Problem description. Reproduce the entries below in full and without error.

Data items.

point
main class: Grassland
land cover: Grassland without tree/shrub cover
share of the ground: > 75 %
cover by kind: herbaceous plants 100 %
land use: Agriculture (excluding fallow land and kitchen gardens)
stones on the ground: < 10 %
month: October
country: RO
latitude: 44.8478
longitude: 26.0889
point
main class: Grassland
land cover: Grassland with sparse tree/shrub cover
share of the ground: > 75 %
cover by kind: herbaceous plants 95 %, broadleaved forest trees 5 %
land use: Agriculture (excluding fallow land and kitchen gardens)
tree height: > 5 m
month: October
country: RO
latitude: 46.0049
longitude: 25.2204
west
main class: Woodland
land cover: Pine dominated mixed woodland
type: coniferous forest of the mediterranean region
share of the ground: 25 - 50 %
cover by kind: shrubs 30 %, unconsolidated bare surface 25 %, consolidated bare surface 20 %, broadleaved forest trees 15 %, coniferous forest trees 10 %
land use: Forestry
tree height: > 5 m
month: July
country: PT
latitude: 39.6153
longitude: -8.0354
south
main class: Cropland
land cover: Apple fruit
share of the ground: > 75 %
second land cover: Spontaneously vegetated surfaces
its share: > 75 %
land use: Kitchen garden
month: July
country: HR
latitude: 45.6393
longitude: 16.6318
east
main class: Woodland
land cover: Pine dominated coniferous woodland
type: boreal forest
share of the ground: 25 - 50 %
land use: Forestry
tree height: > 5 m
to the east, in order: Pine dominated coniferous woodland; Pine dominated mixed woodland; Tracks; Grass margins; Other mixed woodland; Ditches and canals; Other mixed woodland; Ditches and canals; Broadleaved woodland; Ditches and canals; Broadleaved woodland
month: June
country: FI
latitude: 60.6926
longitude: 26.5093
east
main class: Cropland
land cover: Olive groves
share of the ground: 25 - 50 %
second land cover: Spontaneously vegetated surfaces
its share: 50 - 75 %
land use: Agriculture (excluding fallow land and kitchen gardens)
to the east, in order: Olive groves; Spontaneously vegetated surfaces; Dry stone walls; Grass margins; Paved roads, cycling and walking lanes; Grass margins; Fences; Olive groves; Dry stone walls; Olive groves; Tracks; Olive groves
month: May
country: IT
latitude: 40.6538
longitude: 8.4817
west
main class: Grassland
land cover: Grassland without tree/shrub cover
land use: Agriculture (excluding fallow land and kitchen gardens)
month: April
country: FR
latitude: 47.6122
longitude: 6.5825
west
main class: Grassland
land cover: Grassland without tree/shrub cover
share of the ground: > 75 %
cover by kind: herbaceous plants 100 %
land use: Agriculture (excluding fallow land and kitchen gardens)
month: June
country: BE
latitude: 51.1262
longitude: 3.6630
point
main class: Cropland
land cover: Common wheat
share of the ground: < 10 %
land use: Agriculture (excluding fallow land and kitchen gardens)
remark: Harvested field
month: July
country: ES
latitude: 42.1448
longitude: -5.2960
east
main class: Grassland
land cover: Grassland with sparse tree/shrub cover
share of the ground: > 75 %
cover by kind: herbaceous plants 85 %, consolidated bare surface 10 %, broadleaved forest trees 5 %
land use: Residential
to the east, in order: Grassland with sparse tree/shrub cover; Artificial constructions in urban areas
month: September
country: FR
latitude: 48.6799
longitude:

Answer to this task.
point
main class: Grassland
land cover: Grassland without tree/shrub cover
share of the ground: > 75 %
cover by kind: herbaceous plants 100 %
land use: Agriculture (excluding fallow land and kitchen gardens)
stones on the ground: < 10 %
month: October
country: RO
latitude: 44.8478
longitude: 26.0889
point
main class: Grassland
land cover: Grassland with sparse tree/shrub cover
share of the ground: > 75 %
cover by kind: herbaceous plants 95 %, broadleaved forest trees 5 %
land use: Agriculture (excluding fallow land and kitchen gardens)
tree height: > 5 m
month: October
country: RO
latitude: 46.0049
longitude: 25.2204
west
main class: Woodland
land cover: Pine dominated mixed woodland
type: coniferous forest of the mediterranean region
share of the ground: 25 - 50 %
cover by kind: shrubs 30 %, unconsolidated bare surface 25 %, consolidated bare surface 20 %, broadleaved forest trees 15 %, coniferous forest trees 10 %
land use: Forestry
tree height: > 5 m
month: July
country: PT
latitude: 39.6153
longitude: -8.0354
south
main class: Cropland
land cover: Apple fruit
share of the ground: > 75 %
second land cover: Spontaneously vegetated surfaces
its share: > 75 %
land use: Kitchen garden
month: July
country: HR
latitude: 45.6393
longitude: 16.6318
east
main class: Woodland
land cover: Pine dominated coniferous woodland
type: boreal forest
share of the ground: 25 - 50 %
land use: Forestry
tree height: > 5 m
to the east, in order: Pine dominated coniferous woodland; Pine dominated mixed woodland; Tracks; Grass margins; Other mixed woodland; Ditches and canals; Other mixed woodland; Ditches and canals; Broadleaved woodland; Ditches and canals; Broadleaved woodland
month: June
country: FI
latitude: 60.6926
longitude: 26.5093
east
main class: Cropland
land cover: Olive groves
share of the ground: 25 - 50 %
second land cover: Spontaneously vegetated surfaces
its share: 50 - 75 %
land use: Agriculture (excluding fallow land and kitchen gardens)
to the east, in order: Olive groves; Spontaneously vegetated surfaces; Dry stone walls; Grass margins; Paved roads, cycling and walking lanes; Grass margins; Fences; Olive groves; Dry stone walls; Olive groves; Tracks; Olive groves
month: May
country: IT
latitude: 40.6538
longitude: 8.4817
west
main class: Grassland
land cover: Grassland without tree/shrub cover
land use: Agriculture (excluding fallow land and kitchen gardens)
month: April
country: FR
latitude: 47.6122
longitude: 6.5825
west
main class: Grassland
land cover: Grassland without tree/shrub cover
share of the ground: > 75 %
cover by kind: herbaceous plants 100 %
land use: Agriculture (excluding fallow land and kitchen gardens)
month: June
country: BE
latitude: 51.1262
longitude: 3.6630
point
main class: Cropland
land cover: Common wheat
share of the ground: < 10 %
land use: Agriculture (excluding fallow land and kitchen gardens)
remark: Harvested field
month: July
country: ES
latitude: 42.1448
longitude: -5.2960
east
main class: Grassland
land cover: Grassland with sparse tree/shrub cover
share of the ground: > 75 %
cover by kind: herbaceous plants 85 %, consolidated bare surface 10 %, broadleaved forest trees 5 %
land use: Residential
to the east, in order: Grassland with sparse tree/shrub cover; Artificial constructions in urban areas
month: September
country: FR
latitude: 48.6799
longitude:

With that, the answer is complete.